Il y a eu un véritable avant et après Legend pour Ridley Scott. Ce film mal aimé lui fit perdre à sa sortie une bonne part de ses admirateurs de la première heure, et commercialement le cinéaste ne s’en remit complètement qu’avec l’énorme succès de Gladiator. Ce film maudit des années 80 a toujours souffert en DVD en europe, le director’s cut existant depuis près de dix ans en DVD zone 1 et n’arrivant qu’aujourd’hui avec cette nouvelle édition Blu-Ray.

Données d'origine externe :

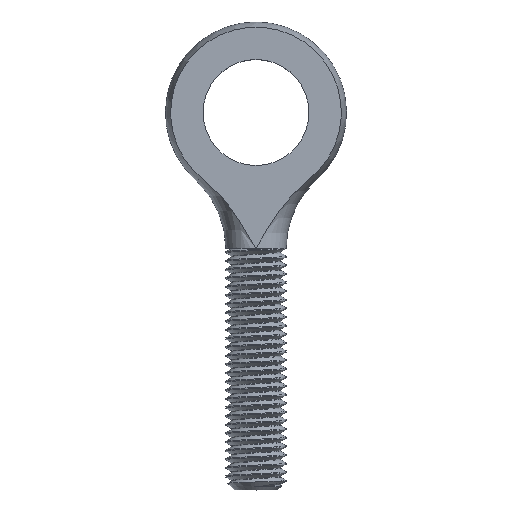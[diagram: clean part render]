
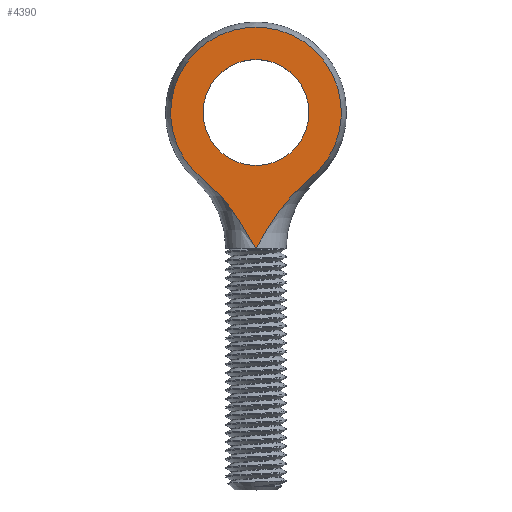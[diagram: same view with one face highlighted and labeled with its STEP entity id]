
A CAD part, top view. The second image highlights one B-rep face of the part: STEP entity #4390.
In plain terms, the highlighted planar face has unit normal (0, 0, 1).
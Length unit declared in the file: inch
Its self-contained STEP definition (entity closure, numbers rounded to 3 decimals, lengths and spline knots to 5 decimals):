
#107 = CARTESIAN_POINT ( 'NONE',  ( 0.1318, 0.20065, 0.125 ) ) ;
#207 = EDGE_CURVE ( 'NONE', #433, #5269, #5831, .T. ) ;
#218 = CIRCLE ( 'NONE', #6310, 0.35355 ) ;
#298 = CARTESIAN_POINT ( 'NONE',  ( -0.01492, 0.02611, 0.125 ) ) ;
#433 = VERTEX_POINT ( 'NONE', #5156 ) ;
#615 = ORIENTED_EDGE ( 'NONE', *, *, #207, .F. ) ;
#670 = CARTESIAN_POINT ( 'NONE',  ( 0.1128, 0.17724, 0.125 ) ) ;
#715 = DIRECTION ( 'NONE',  ( 0., 0., 1. ) ) ;
#728 = PLANE ( 'NONE',  #5134 ) ;
#841 = CARTESIAN_POINT ( 'NONE',  ( -0.375, 0.9375, 0.125 ) ) ;
#941 = CARTESIAN_POINT ( 'NONE',  ( 0., 0.5625, 0.125 ) ) ;
#1235 = B_SPLINE_CURVE_WITH_KNOTS ( 'NONE', 3,
 ( #5498, #1533, #6652, #4910, #3712, #4383, #5984, #3786, #7185, #6092, #7112, #298, #4350, #4943 ),
 .UNSPECIFIED., .F., .F.,
 ( 4, 2, 2, 2, 2, 2, 4 ),
 ( 0.00986, 0.01213, 0.01327, 0.01441, 0.01669, 0.01783, 0.01897 ),
 .UNSPECIFIED. ) ;
#1533 = CARTESIAN_POINT ( 'NONE',  ( -0.19441, 0.26568, 0.125 ) ) ;
#1543 = EDGE_CURVE ( 'NONE', #2695, #7006, #2379, .T. ) ;
#1613 = CARTESIAN_POINT ( 'NONE',  ( 0.06106, 0.10355, 0.125 ) ) ;
#1827 = EDGE_CURVE ( 'NONE', #7006, #3095, #218, .T. ) ;
#2262 = DIRECTION ( 'NONE',  ( 0., 1., 0. ) ) ;
#2379 = B_SPLINE_CURVE_WITH_KNOTS ( 'NONE', 3,
 ( #2502, #5128, #4607, #1613, #5242, #5792, #670, #107, #2400, #3004, #3626, #4142 ),
 .UNSPECIFIED., .F., .F.,
 ( 4, 2, 2, 2, 2, 4 ),
 ( -0.00002, 0.00227, 0.00455, 0.0057, 0.00684, 0.00913 ),
 .UNSPECIFIED. ) ;
#2400 = CARTESIAN_POINT ( 'NONE',  ( 0.14172, 0.21212, 0.125 ) ) ;
#2445 = CARTESIAN_POINT ( 'NONE',  ( -0.21799, 0.28415, 0.125 ) ) ;
#2502 = CARTESIAN_POINT ( 'NONE',  ( 0., 0., 0.125 ) ) ;
#2508 = CARTESIAN_POINT ( 'NONE',  ( 0., 0.34311, 0.125 ) ) ;
#2575 = ORIENTED_EDGE ( 'NONE', *, *, #3041, .F. ) ;
#2695 = VERTEX_POINT ( 'NONE', #6888 ) ;
#2743 = EDGE_LOOP ( 'NONE', ( #3501, #2798, #4162 ) ) ;
#2751 = AXIS2_PLACEMENT_3D ( 'NONE', #5836, #715, #5872 ) ;
#2798 = ORIENTED_EDGE ( 'NONE', *, *, #1827, .T. ) ;
#3004 = CARTESIAN_POINT ( 'NONE',  ( 0.17249, 0.24525, 0.125 ) ) ;
#3041 = EDGE_CURVE ( 'NONE', #5269, #433, #7040, .T. ) ;
#3095 = VERTEX_POINT ( 'NONE', #2445 ) ;
#3139 = DIRECTION ( 'NONE',  ( 0., 0., -1. ) ) ;
#3192 = CARTESIAN_POINT ( 'NONE',  ( 0.21799, 0.28415, 0.125 ) ) ;
#3204 = DIRECTION ( 'NONE',  ( 0., 0., 1. ) ) ;
#3501 = ORIENTED_EDGE ( 'NONE', *, *, #1543, .T. ) ;
#3578 = FACE_BOUND ( 'NONE', #3657, .T. ) ;
#3626 = CARTESIAN_POINT ( 'NONE',  ( 0.19441, 0.26568, 0.125 ) ) ;
#3657 = EDGE_LOOP ( 'NONE', ( #615, #2575 ) ) ;
#3712 = CARTESIAN_POINT ( 'NONE',  ( -0.1318, 0.20065, 0.125 ) ) ;
#3786 = CARTESIAN_POINT ( 'NONE',  ( -0.07734, 0.12875, 0.125 ) ) ;
#4142 = CARTESIAN_POINT ( 'NONE',  ( 0.21799, 0.28415, 0.125 ) ) ;
#4162 = ORIENTED_EDGE ( 'NONE', *, *, #4768, .T. ) ;
#4285 = DIRECTION ( 'NONE',  ( 0., 1., 0. ) ) ;
#4350 = CARTESIAN_POINT ( 'NONE',  ( -0.00742, 0.01298, 0.125 ) ) ;
#4383 = CARTESIAN_POINT ( 'NONE',  ( -0.1128, 0.17724, 0.125 ) ) ;
#4390 = ADVANCED_FACE ( 'NONE', ( #3578, #5960 ), #728, .F. ) ;
#4403 = DIRECTION ( 'NONE',  ( 0., 0., 1. ) ) ;
#4607 = CARTESIAN_POINT ( 'NONE',  ( 0.02985, 0.05223, 0.125 ) ) ;
#4768 = EDGE_CURVE ( 'NONE', #3095, #2695, #1235, .T. ) ;
#4910 = CARTESIAN_POINT ( 'NONE',  ( -0.14172, 0.21212, 0.125 ) ) ;
#4943 = CARTESIAN_POINT ( 'NONE',  ( 0., 0., 0.125 ) ) ;
#5036 = CARTESIAN_POINT ( 'NONE',  ( 0., 0.5625, 0.125 ) ) ;
#5128 = CARTESIAN_POINT ( 'NONE',  ( 0.01489, 0.02605, 0.125 ) ) ;
#5134 = AXIS2_PLACEMENT_3D ( 'NONE', #841, #3139, #5297 ) ;
#5156 = CARTESIAN_POINT ( 'NONE',  ( 0., 0.78189, 0.125 ) ) ;
#5242 = CARTESIAN_POINT ( 'NONE',  ( 0.07734, 0.12876, 0.125 ) ) ;
#5269 = VERTEX_POINT ( 'NONE', #2508 ) ;
#5297 = DIRECTION ( 'NONE',  ( 0., 1., 0. ) ) ;
#5498 = CARTESIAN_POINT ( 'NONE',  ( -0.21799, 0.28415, 0.125 ) ) ;
#5792 = CARTESIAN_POINT ( 'NONE',  ( 0.1037, 0.16528, 0.125 ) ) ;
#5831 = CIRCLE ( 'NONE', #7273, 0.21939 ) ;
#5836 = CARTESIAN_POINT ( 'NONE',  ( 0., 0.5625, 0.125 ) ) ;
#5872 = DIRECTION ( 'NONE',  ( 0., 1., 0. ) ) ;
#5960 = FACE_OUTER_BOUND ( 'NONE', #2743, .T. ) ;
#5984 = CARTESIAN_POINT ( 'NONE',  ( -0.1037, 0.16528, 0.125 ) ) ;
#6092 = CARTESIAN_POINT ( 'NONE',  ( -0.03765, 0.06505, 0.125 ) ) ;
#6310 = AXIS2_PLACEMENT_3D ( 'NONE', #5036, #4403, #2262 ) ;
#6652 = CARTESIAN_POINT ( 'NONE',  ( -0.17249, 0.24525, 0.125 ) ) ;
#6888 = CARTESIAN_POINT ( 'NONE',  ( 0., 0., 0.125 ) ) ;
#7006 = VERTEX_POINT ( 'NONE', #3192 ) ;
#7040 = CIRCLE ( 'NONE', #2751, 0.21939 ) ;
#7112 = CARTESIAN_POINT ( 'NONE',  ( -0.03002, 0.05211, 0.125 ) ) ;
#7185 = CARTESIAN_POINT ( 'NONE',  ( -0.06106, 0.10355, 0.125 ) ) ;
#7273 = AXIS2_PLACEMENT_3D ( 'NONE', #941, #3204, #4285 ) ;

Quand il entame Legend, Ridley Scott sort tout juste de Blade Runner qui ne fut pas non plus pour lui une partie de plaisir… On l’oublie un peu aujourd’hui, mais cette adaptation de Philip K. Dick était déjà une amère expérience de mutilation de la part d’un studio pour le cinéaste. L’accueil public et critique fut également mineur : ce n’est qu’au fil des années que l’œuvre gagna en reconnaissance, l’aboutissement de ce culte se traduisant par le nouveau montage proposé par Scott en 1992. Legend n’a pas vraiment gagné cette même reconnaissance au fil des années, malgré une petite niche d’admirateurs.
Les choses s’annonçaient déjà très mal pour Ridley Scott dés le début d’une production qui s’éternisa pendant prés de trois ans. Le tournage subit notamment les conséquences d’un important incendie du plateau « 007 » mythique des studios Pinewood. Par la suite, le premier montage de 150 minutes présenté par Scott souffrit de projections presses désastreuses… Le cinéaste ramèna donc l’ensemble à une durée de 113 minutes, ce qui ne sera pas suffisant encore pour les exploitants européens qui sortiront finalement un montage de 94 minutes. La nature du film fut sensiblement altérée et une partie de la musique de Jerry Goldmsith passa à la trappe ; mais l’ensemble de ces pertes, le public ne le mesurera que des années plus tard.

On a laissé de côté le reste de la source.